Six new members have been selected to serve 3-year terms on Analytical Chemistry’s Editorial Advisory Board. Established in the 1940s, the board is a vital link between the journal editors and the analytical chemistry community, providing guidance and advice on editorial content and policy. Christian Amatore, the director of the chemistry department at the École Normale Supérieure (ENS; France), earned his Doctorat d’État ès Sciences there. After serving as a visiting professor at Indiana University, Bloomington, he returned to ENS in 1984. His research focuses on electrochemistry, and he worked on the development of ultramicroelectrodes. He is especially interested in the theoretical aspects of dynamic chemical processes at electrodes and in electrical and mass transport under extreme conditions.
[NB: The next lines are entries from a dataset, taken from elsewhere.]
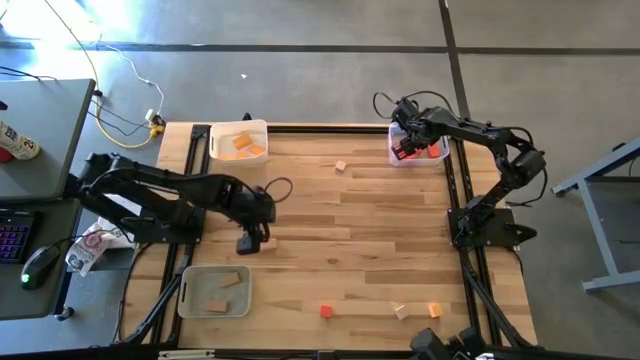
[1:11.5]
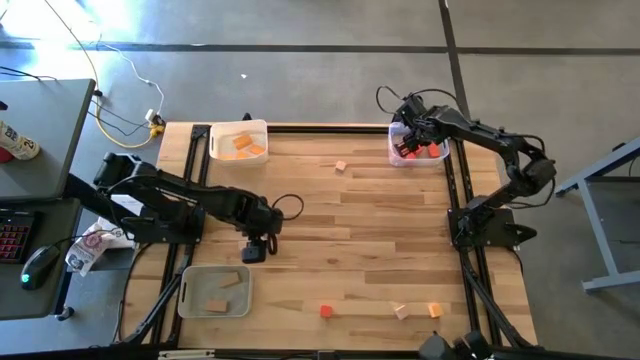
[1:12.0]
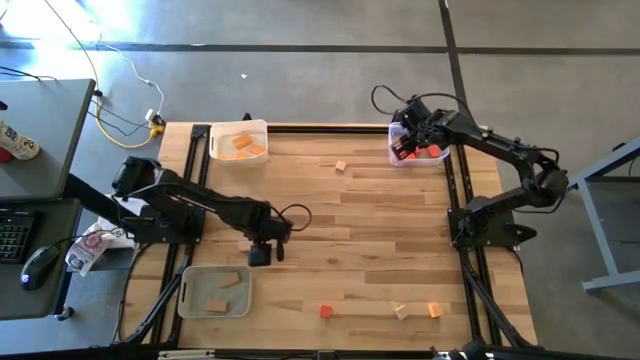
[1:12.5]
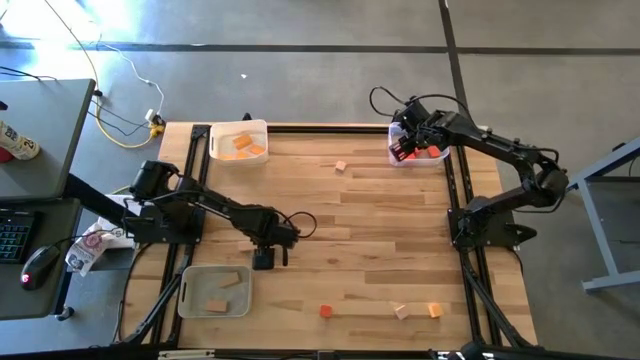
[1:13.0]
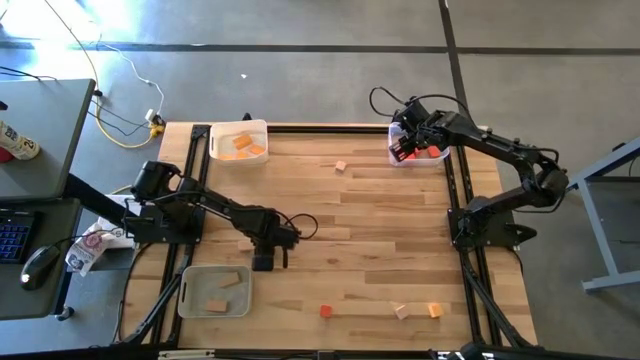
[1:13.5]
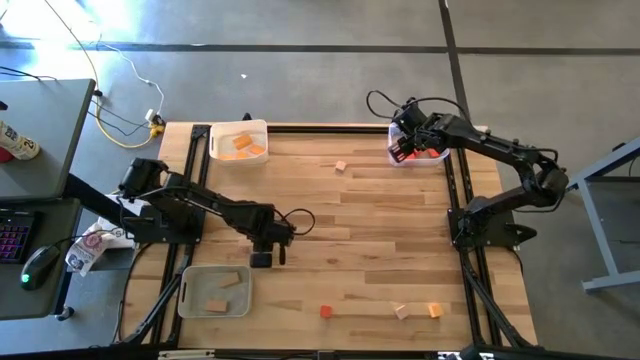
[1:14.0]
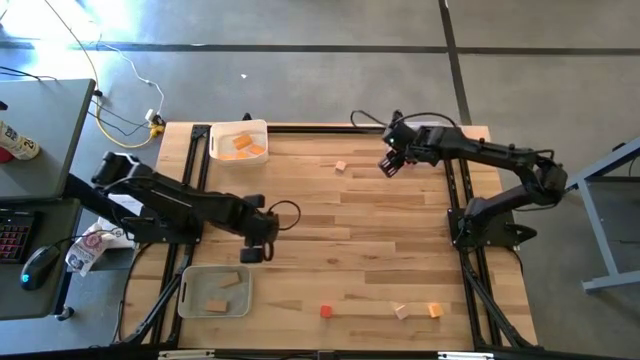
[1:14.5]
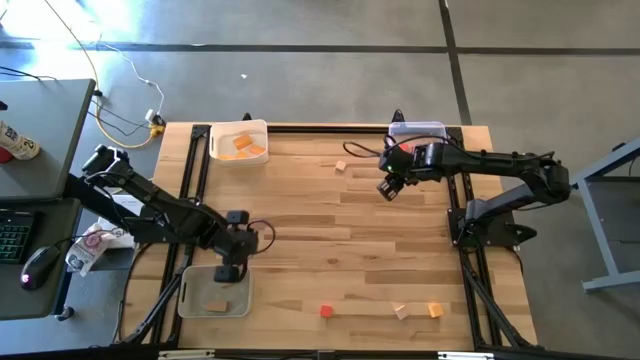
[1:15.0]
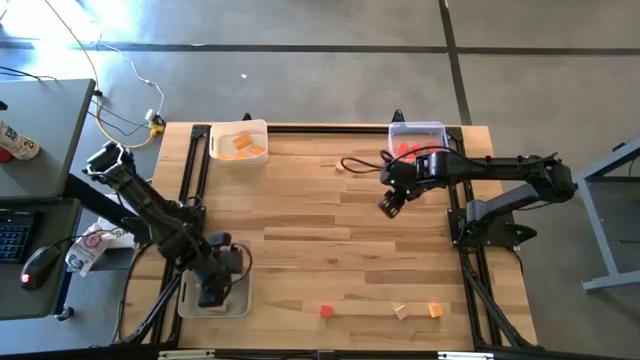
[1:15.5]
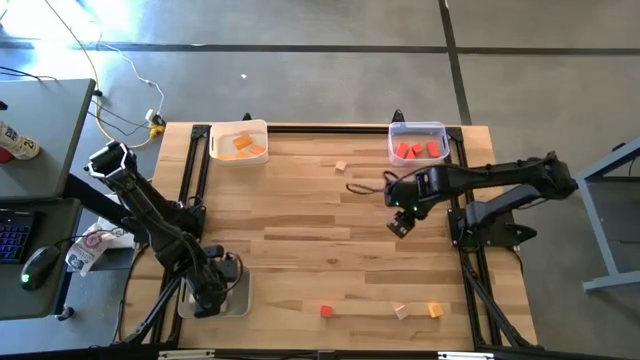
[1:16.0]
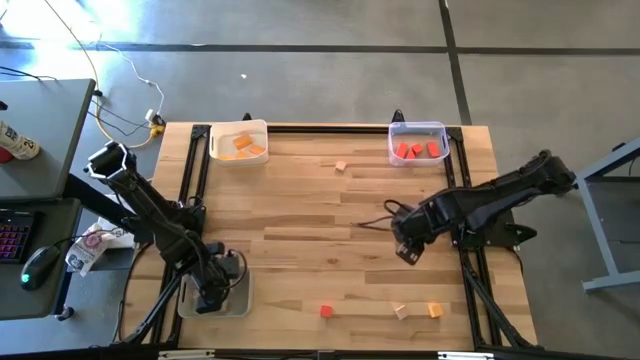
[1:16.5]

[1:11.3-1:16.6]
Put the brown block into the gray bin

He was elected to the French Academy of Sciences in 2002. Harold G. Craighead, a professor of applied physics and the director of the Nanobiotechnology Center at Cornell University, received his Ph.D. in physics at Cornell. His research activity involves the use of fluidic, optical, and mechanical nanostructures for molecular manipulation, chemical analysis, and
studies of biological systems with high spatial resolution. Barbara Finlayson-Pitts, a professor of chemistry at the University of California, Irvine (UCI), received her B.Sc. (Hons) from Trent University in Peterborough (Canada), and her master’s degree and Ph.D. from the University of California, Riverside, where she also conducted postdoctoral research. Her research focuses on understanding atmospheric processes at the molecular level, particularly heterogeneous reactions occurring in and on particles and surfaces. Her studies involve a variety of analytical techniques and are closely coordinated with theory, computer kinetics modeling, and field studies through collaborations with other faculty members and researchers at UCI and elsewhere. Charles (Chuck) Lucy, a professor of chemistry at the University of Alberta (Canada), received his B.Sc. from the University of Victoria (Canada) and his Ph.D. from the University of Alberta. His research seeks an understanding of the physicochemical behavior underlying separation techniques such as HPLC, ion chromatography, and CE. This understanding enables the development of new instrumentation and techniques.
Richard A. Mathies, a professor of chemistry at the University of California, Berkeley, earned his B.S. from the University of Washington and his M.S. and Ph.D. from Cornell University. His work in analytical biotechnology led to the development of high-speed, highthroughput DNA analysis technologies such as capillary array electrophoresis and energy-transfer fluorescent dye labels for DNA sequencing. He also pioneered the development of microfabricated CE devices and microfabricated integrated sample preparation and detection methods for lab-on-a-chip analysis systems applied to genomics, forensics, and space exploration. Michael J. Sailor, a professor of chemistry and biochemistry at the University of California, San Diego, received his B.S. in chemistry from Harvey Mudd College and his M.S. and Ph.D. in chemistry from Northwestern University. His research focuses on the chemistry, electrochemistry, and photophysics of nanophase semiconductors. Particular emphasis is placed on the use of silicon nanostructures in medical diagnostic devices; drug delivery; high-throughput screening; and low-power remote sensing of toxins, pollutants, and chemical or biological warfare agents.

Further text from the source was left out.